La Loi sur l’instruction publique du Québec accorde des pouvoirs importants aux parents via le conseil d’établissement de chacune, conseils où les parents sont toujours majoritaires. Ces conseils sont décisionnels, par exemple, sur la liste des fournitures scolaires, la répartition du budget dévolu à l’école, les règles de vie, etc.

Or, il est bien documenté que les parents moins scolarisés ou nouvellement arrivants, y sont sous-représentés. Non pas qu’il y ait une discrimination institutionnelle systémique mais, dans les faits, cette sous-représentation existe. Il faut certes travailler à l’éliminer tout comme il faut travailler à ce que les parents puissent garder en tête la réalité de tous les parents dont les enfants sont à leur école. Ce n’est pas gagné d’avance. C’est là un chantier qu’il faudrait encore bien mieux travailler.

Le gouvernement scolaire dont je fais partie a fait prendre depuis 2003 un tournant assez marqué à l’école montréalaise. Brisant l’idée qu’une école est un bateau isolé et autonome sur sa mer éducative, nous avons renforcé les liens directs entre une école, les familles et la communauté.
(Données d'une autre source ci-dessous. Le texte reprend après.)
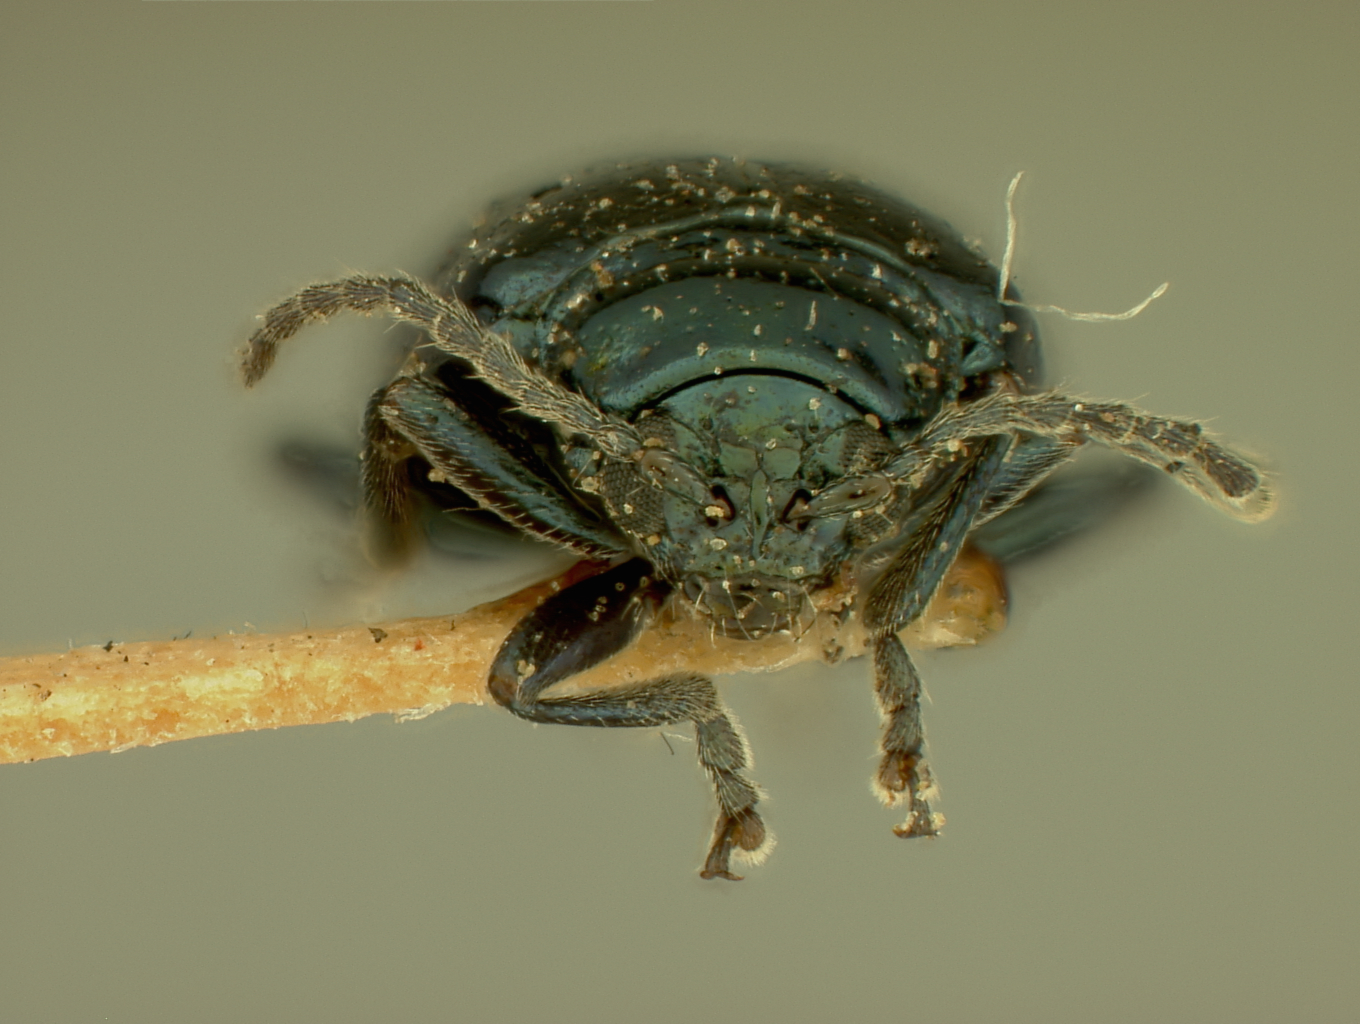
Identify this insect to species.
Altica woodsi

Nous n’avons pas inventé le concept mais, à l’échelle québécoise, nous l’avons certainement poussé le plus loin.

Cette orientation s’appuie sur un constat indéniable. L’école, et tout particulièrement en milieu défavorisé, ne peut relever seule ou de manière satisfaisante le triple défi du «  instruire, qualifier, socialiser » les élèves tel que nous le demande le législateur québécois. Le fameux village dont tout enfant a besoin pour bien grandir doit être construit.
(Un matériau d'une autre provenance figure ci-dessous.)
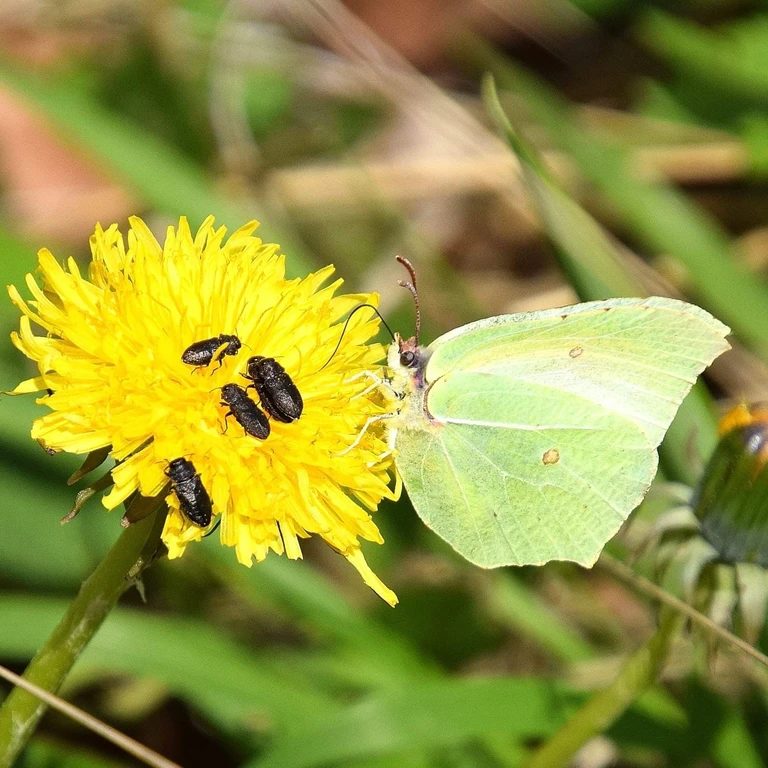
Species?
Gonepteryx rhamni
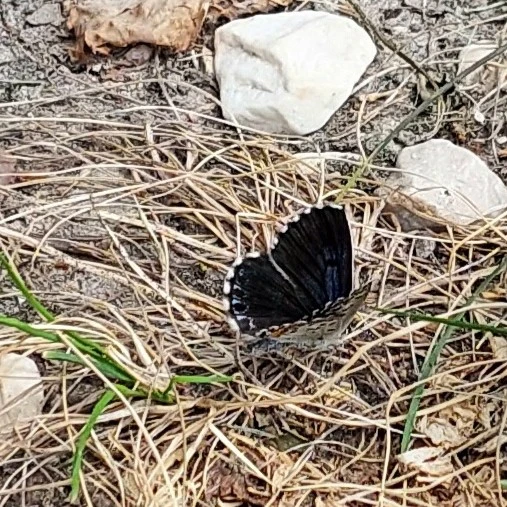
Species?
Scolitantides orion
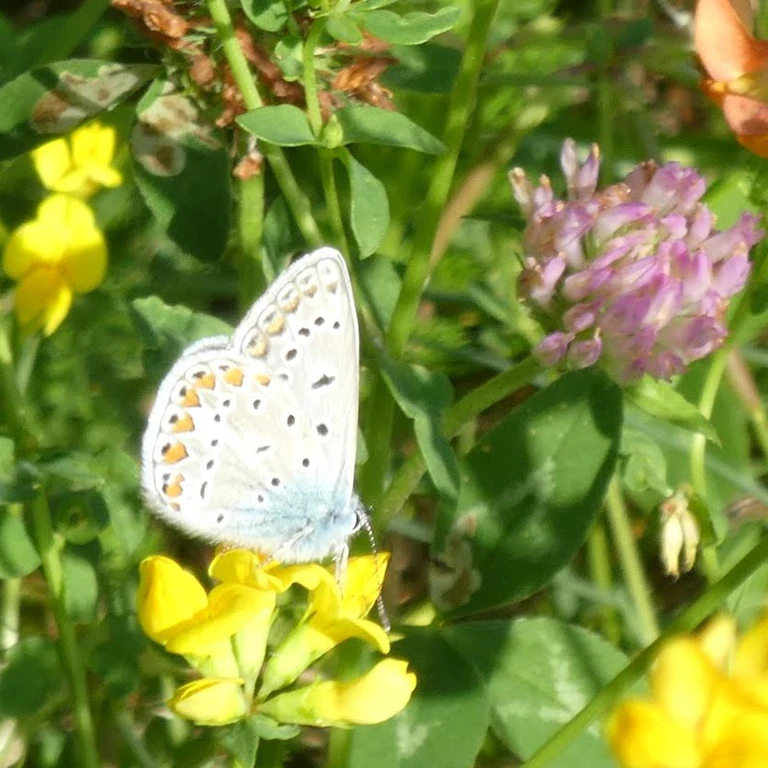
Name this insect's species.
Polyommatus icarus
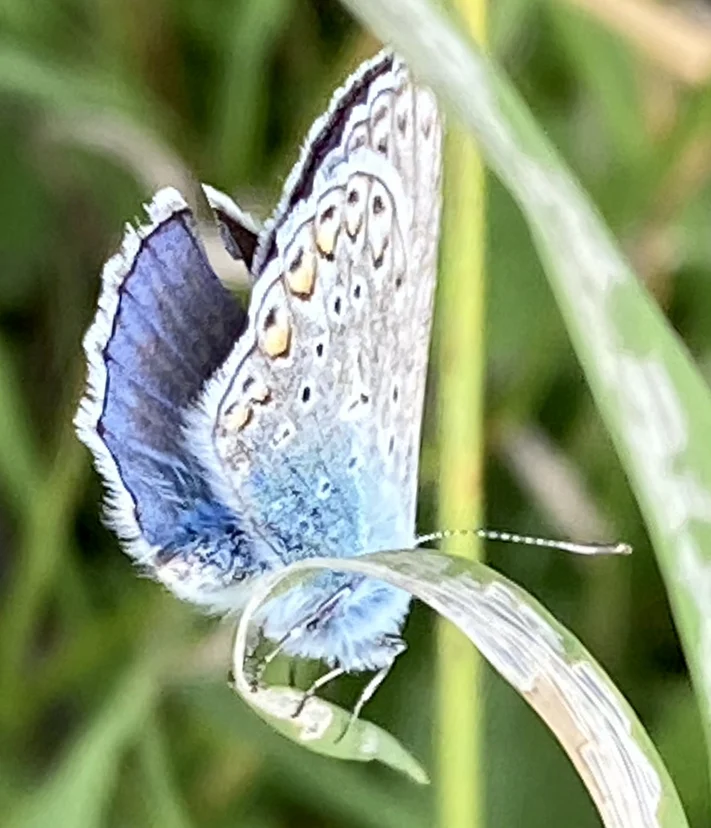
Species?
Polyommatus icarus

L’école communautaire c’est donc une école fortement ancrée dans son milieu. Parce que les problèmes de logement, la situation économique des parents, le passé migratoire des familles ont tous des impacts majeurs sur la scolarisation et la réussite scolaire des élèves, il faut donc développer une vision plus globale et intégrée.

Concrètement, cela veut dire tisser des liens beaucoup plus étroits avec les organismes communautaires du quartier dont les familles des élèves sont membres. Offrir les espaces scolaires pour des fêtes de quartier, des activités sportives. Participer à des coalitions pour réduire la circulation routière autour des écoles. Mener ensemble des campagnes pour la persévérance scolaire. Sensibiliser les commerçants aux réalités scolaires des jeunes qui travaillent chez eux.

Nous sommes passablement fiers du développement de cette école communautaire montréalaise. De plus en plus, se développe le concept du « jeune Montréalais », qui appartient à tout le monde et qui n’est pas découpé en morceaux en étant, selon les heures et les jours, un « élève de la commission scolaire » ou « un jeune du camp de jour de la ville » ou « un jeune de telle rue ».Comme je le disais, c’est aussi l’ampleur des défis à relever qui a forcé cette mise en commun de nos forces et ambitions.

Daniel Duranleau

Titulaire d’une maîtrise en sciences politiques de l'Université Laval de Québec, Daniel Duranleau coordonne un organisme de développement social dans le quartier montréalais de Saint-Léonard; il est commissaire scolaire d'Hochelaga-Maisonneuve depuis huit ans et président d’ATD Quart Monde Canada.